Wednesday, April 02, 2025

21. Lenten Readings: Jump to Jeremiah 36 (Jehoiakim burns Jeremiah's scroll)

1. Going in chronological order, Jeremiah 36 clearly dates like Jeremiah 25 to the year 605BC during the reign of Jehoiakim (36:1). [1] Jeremiah takes a scroll of all his prophecies since the days of King Josiah to the king (36:2) -- with Jeremiah's first prophecies starting in 627BC. One can wonder if these prophecies were largely Jeremiah 1-20, with the possible inclusion of Jeremiah 25 as well.

Yahweh sounds hopeful that the house of Judah might turn from its evil ways (36:3). This statement is probably a reminder that the concept of God knowing all the future was probably not yet entirely solidified. If God knows the future -- indeed, if God has deep insight into human behavior -- he would know the overwhelmingly likely response. And he did know.

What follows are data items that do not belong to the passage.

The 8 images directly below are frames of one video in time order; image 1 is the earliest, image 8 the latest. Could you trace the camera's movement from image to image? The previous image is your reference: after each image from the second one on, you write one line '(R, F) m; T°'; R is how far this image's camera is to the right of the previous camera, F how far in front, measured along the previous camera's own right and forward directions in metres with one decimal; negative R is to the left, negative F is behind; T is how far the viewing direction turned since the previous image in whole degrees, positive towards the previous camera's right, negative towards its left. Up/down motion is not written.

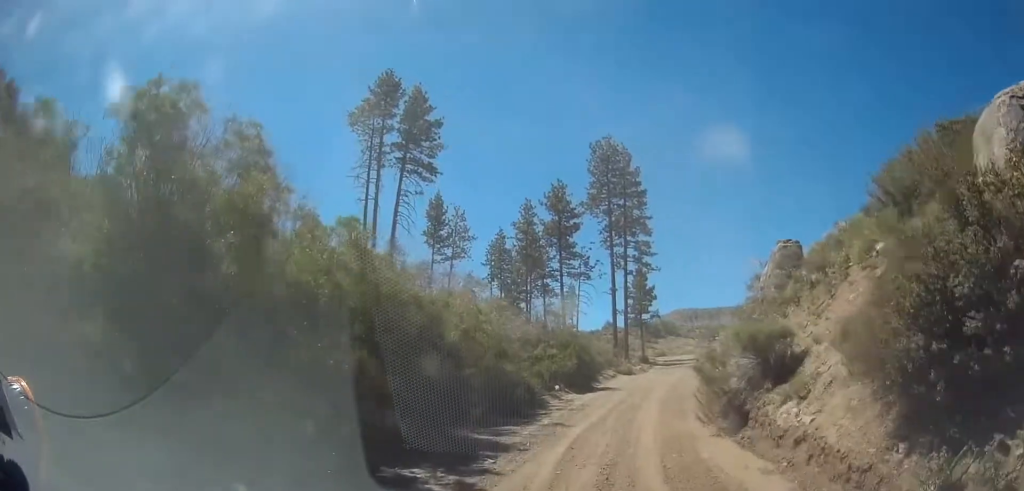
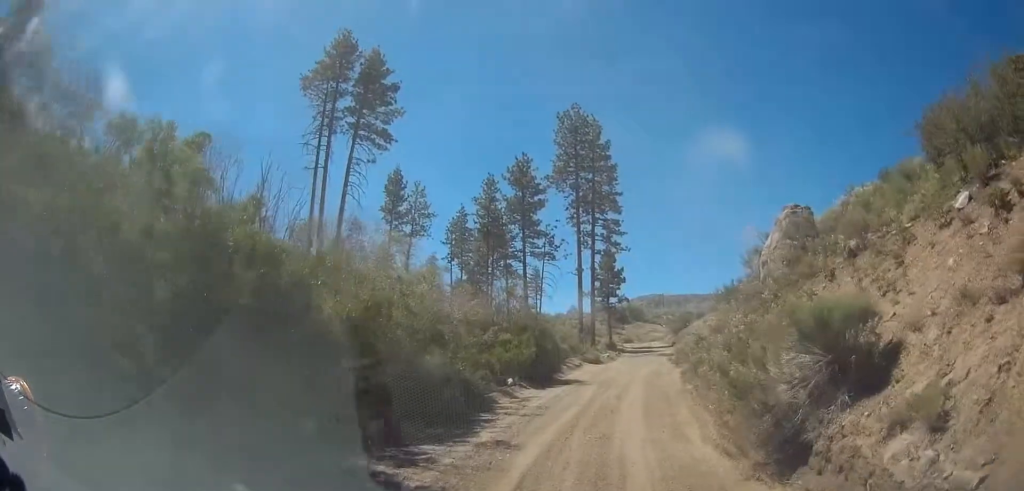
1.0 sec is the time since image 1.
(+0.3, +4.6) m; +7°
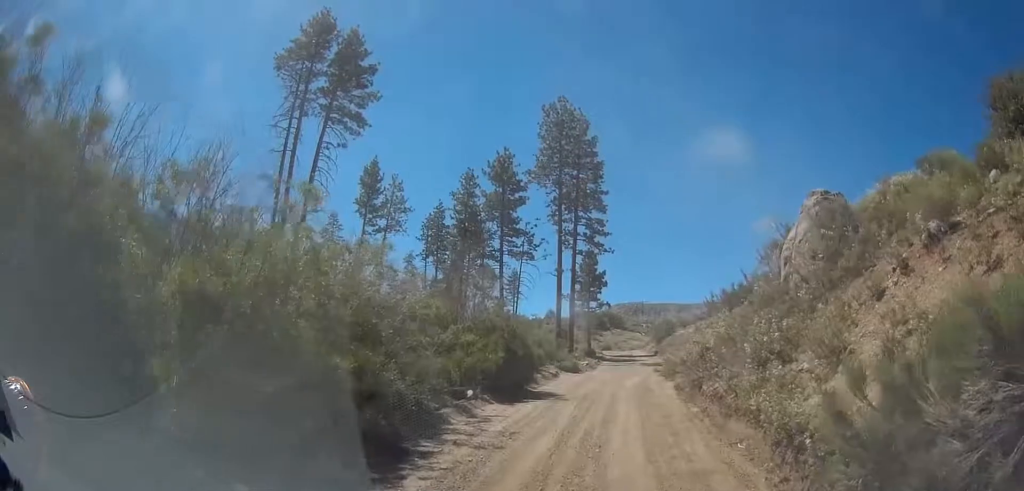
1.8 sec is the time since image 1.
(+0.2, +3.9) m; +4°
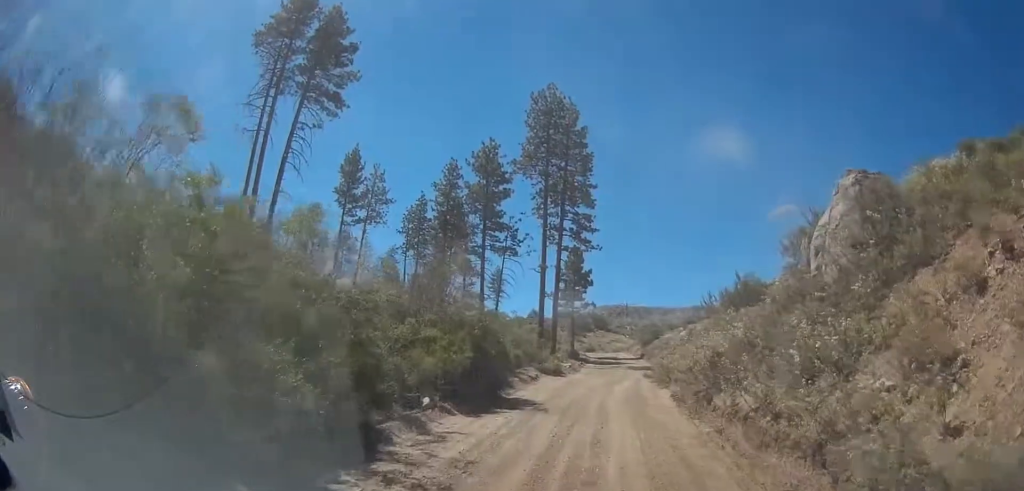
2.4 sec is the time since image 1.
(-0.1, +3.1) m; +1°
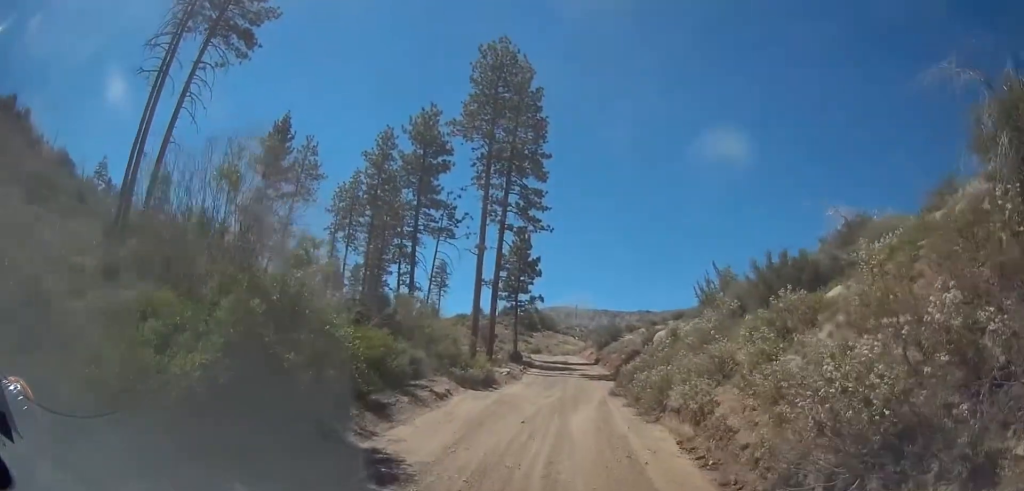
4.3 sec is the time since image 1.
(+0.3, +9.6) m; 0°
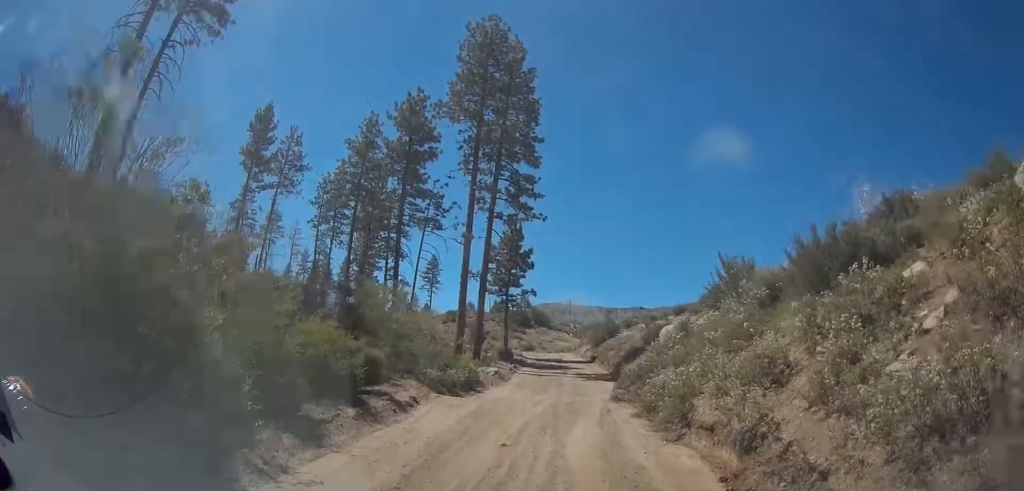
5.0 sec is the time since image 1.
(-0.1, +3.5) m; 0°
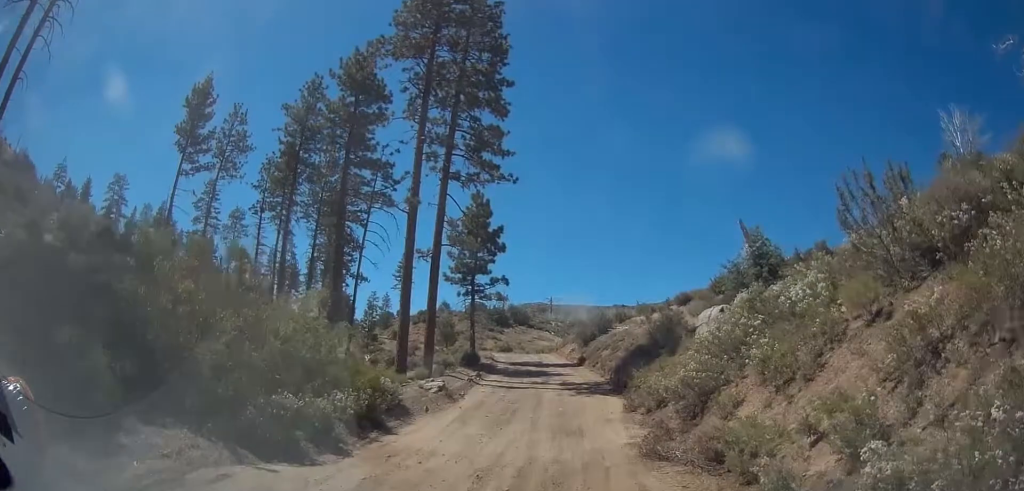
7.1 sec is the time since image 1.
(+0.1, +10.3) m; +1°
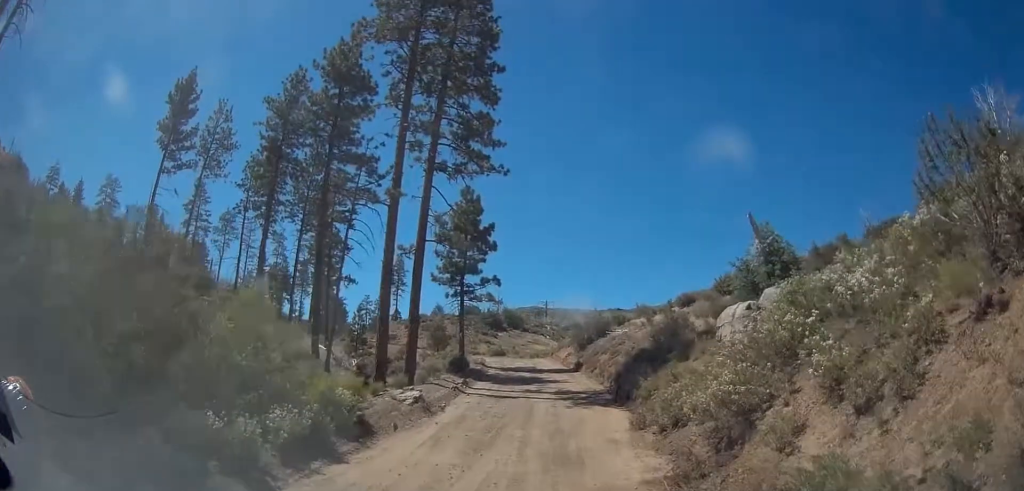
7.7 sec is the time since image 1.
(0.0, +2.7) m; +2°
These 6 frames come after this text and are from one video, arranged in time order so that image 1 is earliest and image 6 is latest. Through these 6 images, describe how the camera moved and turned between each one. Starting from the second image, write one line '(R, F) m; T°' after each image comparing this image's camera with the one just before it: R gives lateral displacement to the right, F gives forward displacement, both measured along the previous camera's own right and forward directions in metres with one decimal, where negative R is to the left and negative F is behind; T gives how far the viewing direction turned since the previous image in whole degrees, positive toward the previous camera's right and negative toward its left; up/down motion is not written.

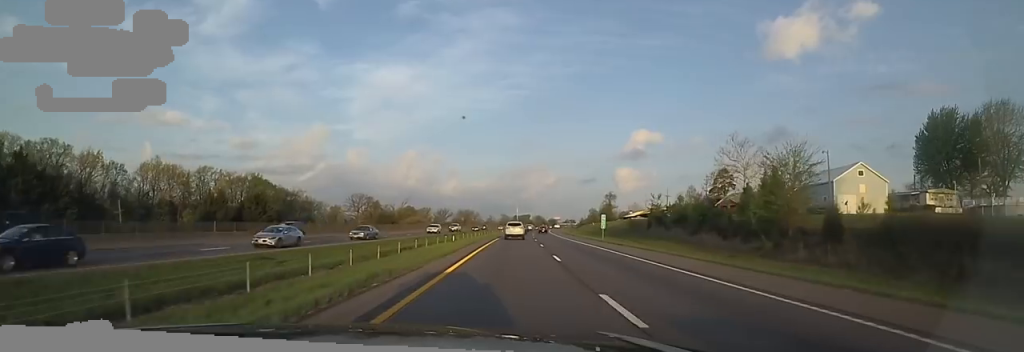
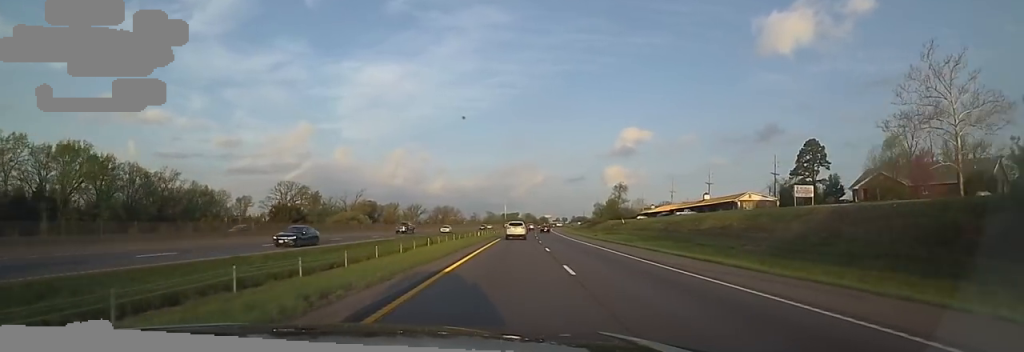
(-1.9, +56.2) m; -1°
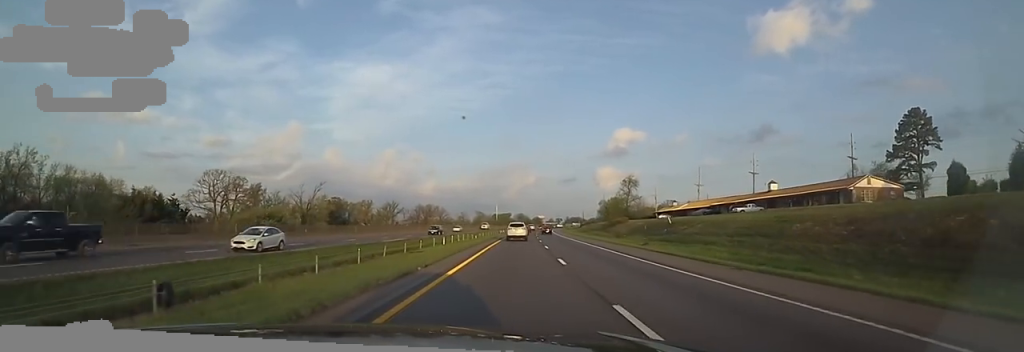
(+0.6, +33.6) m; +2°
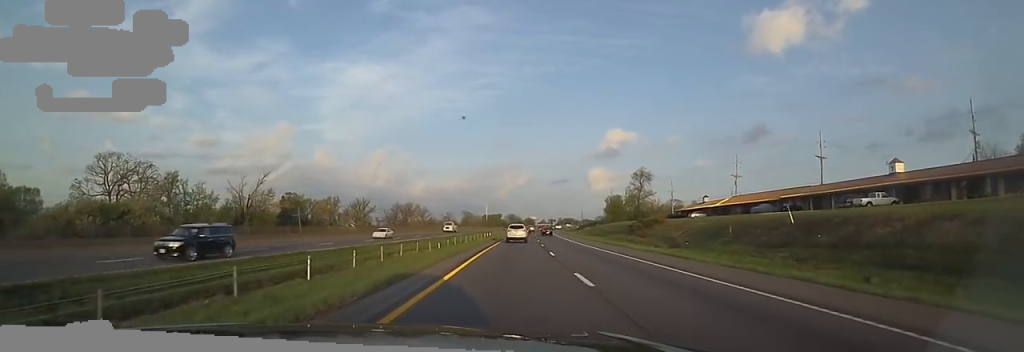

We seem to have two or three choices. The open theist and panentheist says that the future doesn't exist and so is unknowable or that God chooses not to know the future so we have free will. They take the text too literally at this point.

The orthodox option believes that God knows exactly what Jehoiakim will do because God is truly and really all-knowing and omniscient. God is walking through history with Jeremiah who does not see the future in its entirety. God is reading from a script that he has known for eternity past. He is doing it for Jeremiah's and the later audience of Jeremiah's sake. 

Even in revelation, God meets us where we are. Something along these lines is the historic, orthodox perspective that preserves God as God and not God as some really nice, sooped-up Zeus.

But Jeremiah may not entirely understand this fully yet. The Bible displays a flow of revelation. The earlier parts have a true understanding, but their understanding sometimes is not as precise as later parts, particularly the New Testament. Psalm 139 is generally considered a focal point on this subject, where God is said to know every one of the psalmist's days before he was born (139:16). [2] Going off that comment, God would know the day Jehoiakim burned Jeremiah's scroll.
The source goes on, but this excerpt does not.